Early last year, some experts were optimistic that 2021 would not be as bad as the first year of the pandemic — partly because effective COVID-19 vaccines had finally become available.
“We were wrong, unfortunately,” said Noreen Goldman, a Princeton University researcher.
COVID-19 deaths rose in 2021 — to more than 415,000, up from 351,000 the year before — as new coronavirus variants emerged and an unexpectedly large numbers of Americans refused to get vaccinated or were hesitant to wear masks, experts said.
The coronavirus is not solely to blame. Preliminary CDC data also shows the crude death rate for cancer rose slightly, and rates continued to increase for diabetes, chronic liver disease and stroke.

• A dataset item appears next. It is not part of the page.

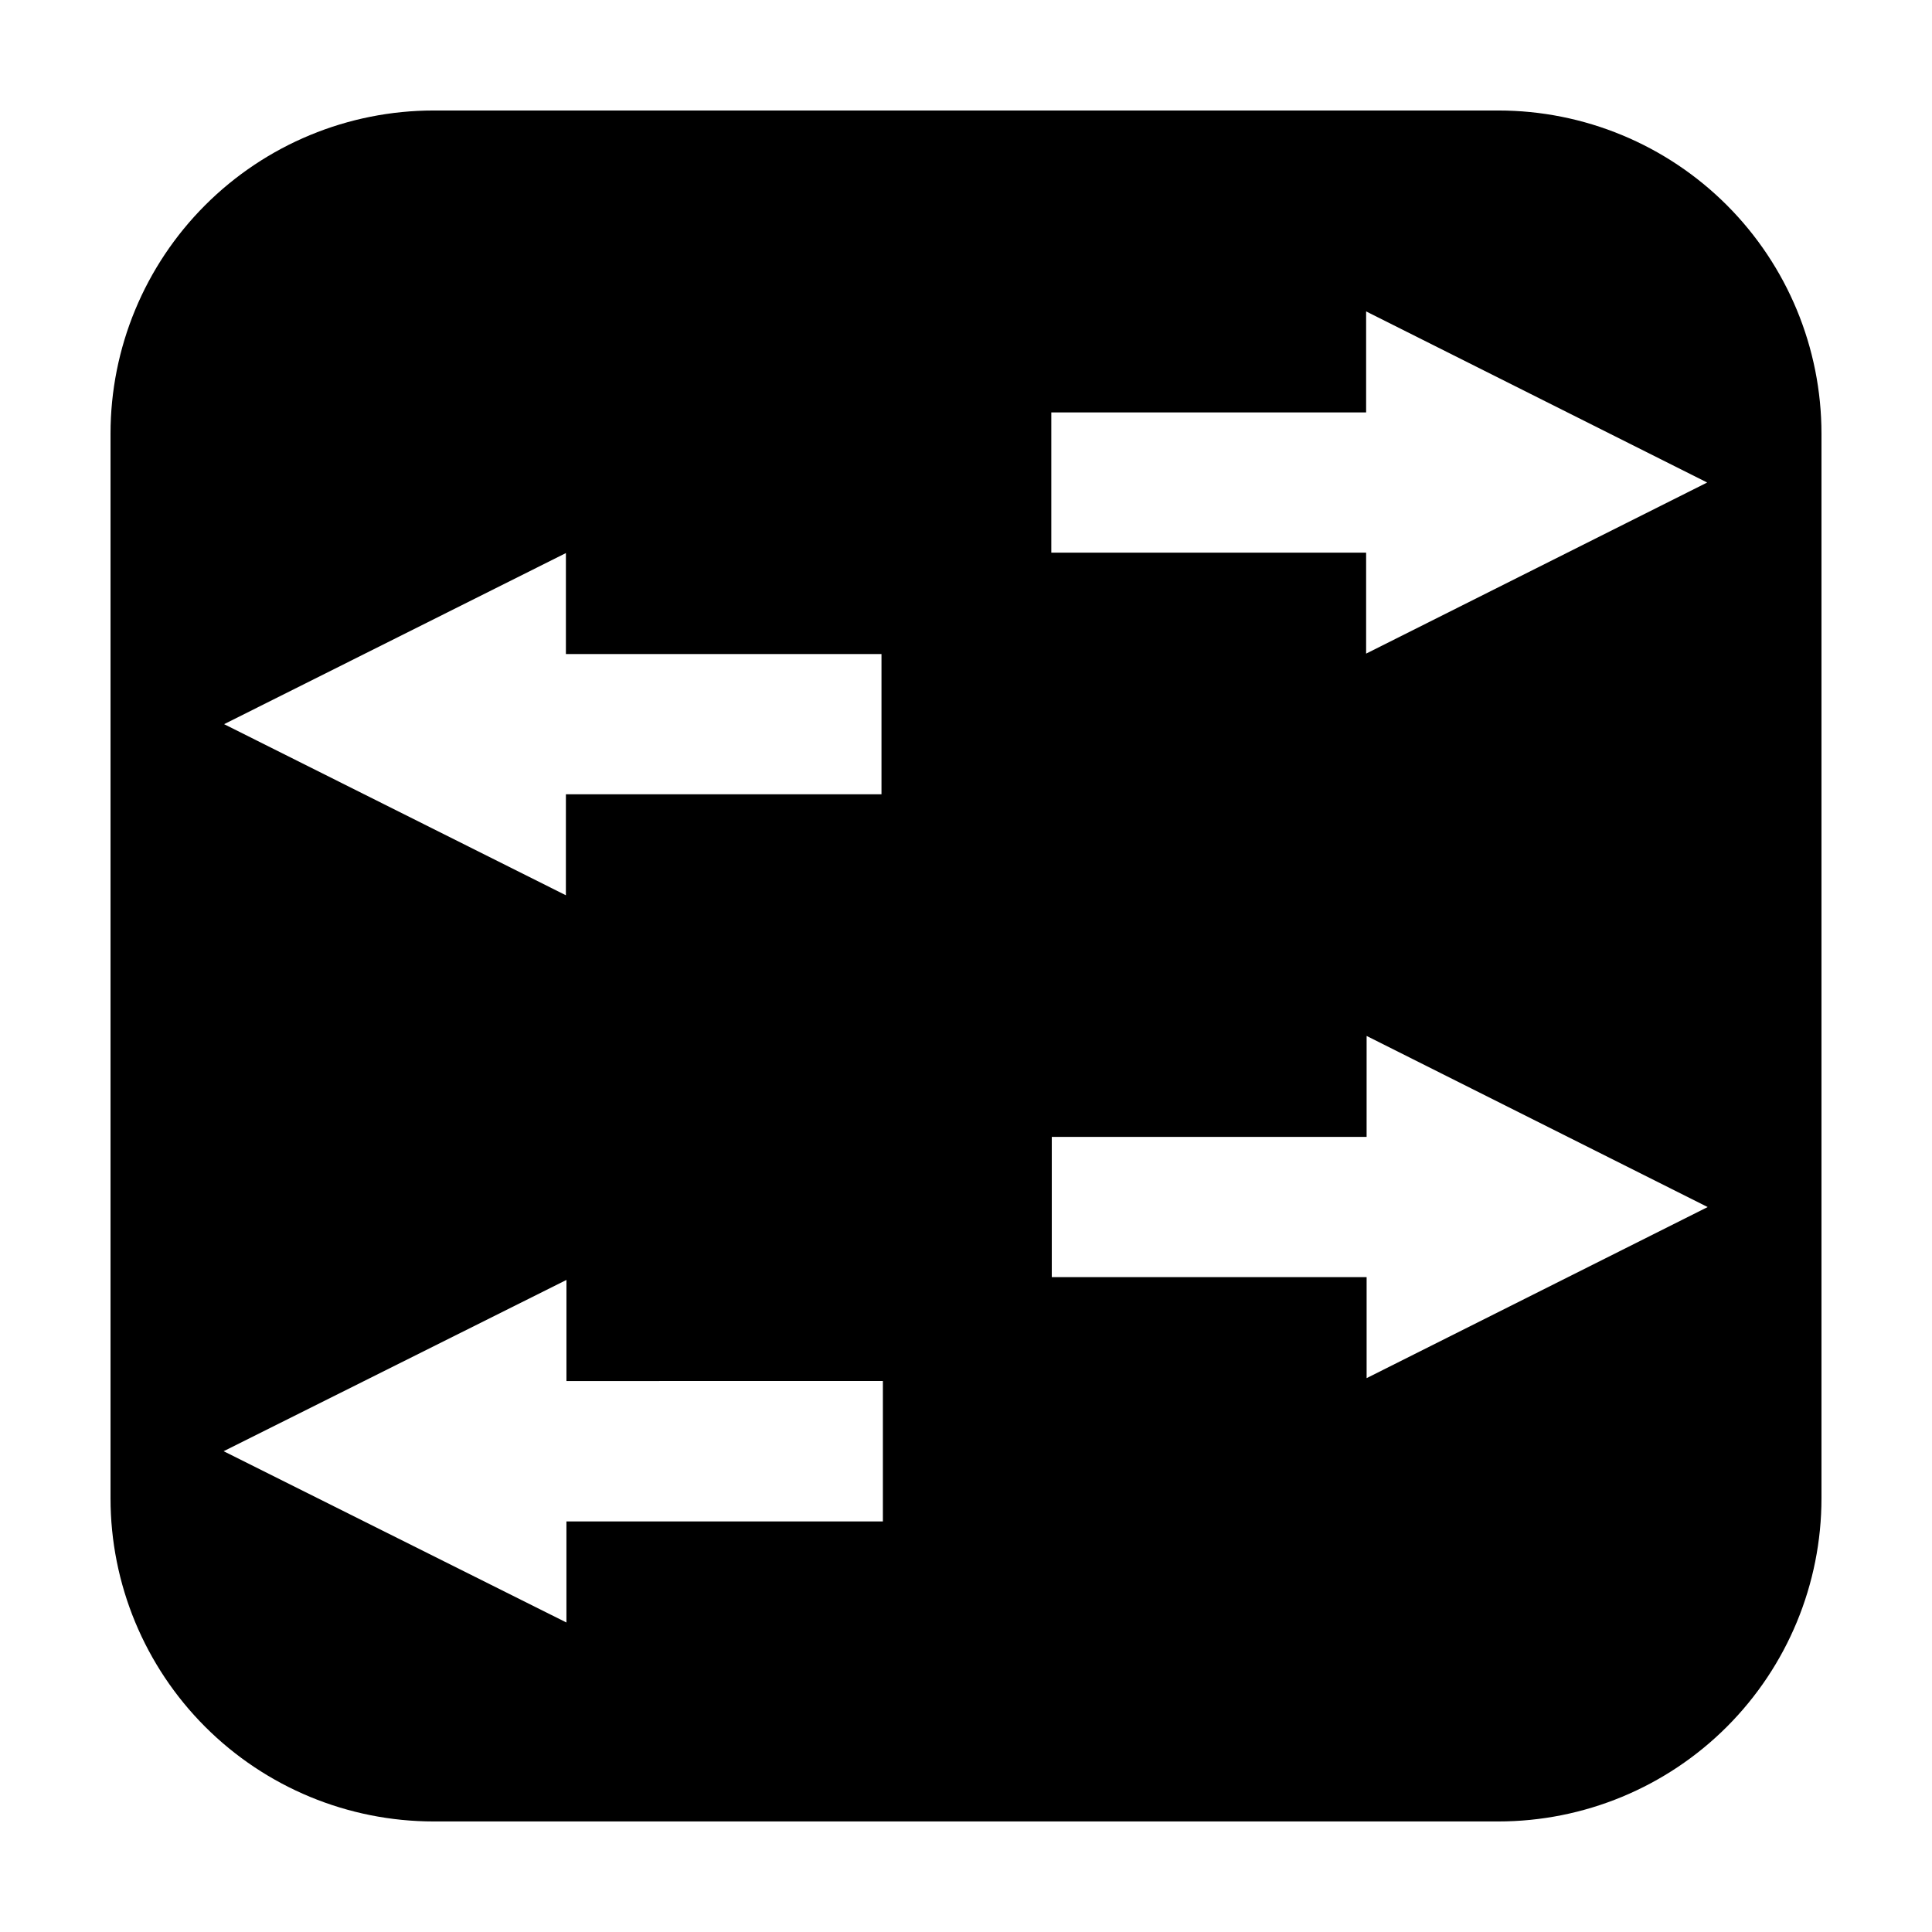 <?xml version="1.0" encoding="UTF-8"?>
<!-- Uploaded to: SVG Repo, www.svgrepo.com, Generator: SVG Repo Mixer Tools -->
<svg fill="#000000" width="800px" height="800px" version="1.1" viewBox="144 144 512 512" xmlns="http://www.w3.org/2000/svg">
 <path d="m173.29 258.93v282.13c0 22.715 9.023 44.5 25.086 60.562 16.062 16.059 37.844 25.082 60.562 25.082h282.13c22.715 0 44.5-9.023 60.562-25.082 16.059-16.062 25.082-37.848 25.082-60.562v-282.13c0-22.719-9.023-44.5-25.082-60.562-16.062-16.062-37.848-25.086-60.562-25.086h-282.13c-22.719 0-44.5 9.023-60.562 25.086s-25.086 37.844-25.086 60.562zm120.68 31.641v26.758h83.633v37.168h-83.633l-0.004 26.758-90.578-45.344zm84.004 256.62h-83.863v26.789l-90.848-45.395 90.852-45.387v26.789l83.859-0.004zm44.633-293.9h83.43v-26.762l90.383 45.344-90.383 45.344v-26.758h-83.43zm83.562 255.93v-26.762h-83.434v-37.164h83.43l0.004-26.758 90.383 45.344z"/>
</svg>

Drug overdose deaths also continued to rise. The CDC does not yet have a tally for 2021 overdose deaths, because it can take weeks of lab work and investigation to identify them. But provisional data through October suggests the nation is on track to see at least 105,000 overdose deaths in 2021 — up from 93,000 the year before.
New research released Tuesday showed a particularly large jump in overdose deaths among 14- to 18-year-olds.
Adolescent overdose death counts were fairly constant for most of the last decade, at around 500 a year, according to the paper published by the Journal of the American Medical Association. They almost doubled in 2020, to 954, and the researchers estimated that the total hit nearly 1,150 last year.
Joseph Friedman, a UCLA researcher who was the paper’s lead author, called the spike “unprecedented.”
Those teen overdose deaths were only around 1% of the U.S. total. But adolescents experienced a greater relative increase than the overall population, even though surveys suggest drug use among teens is down.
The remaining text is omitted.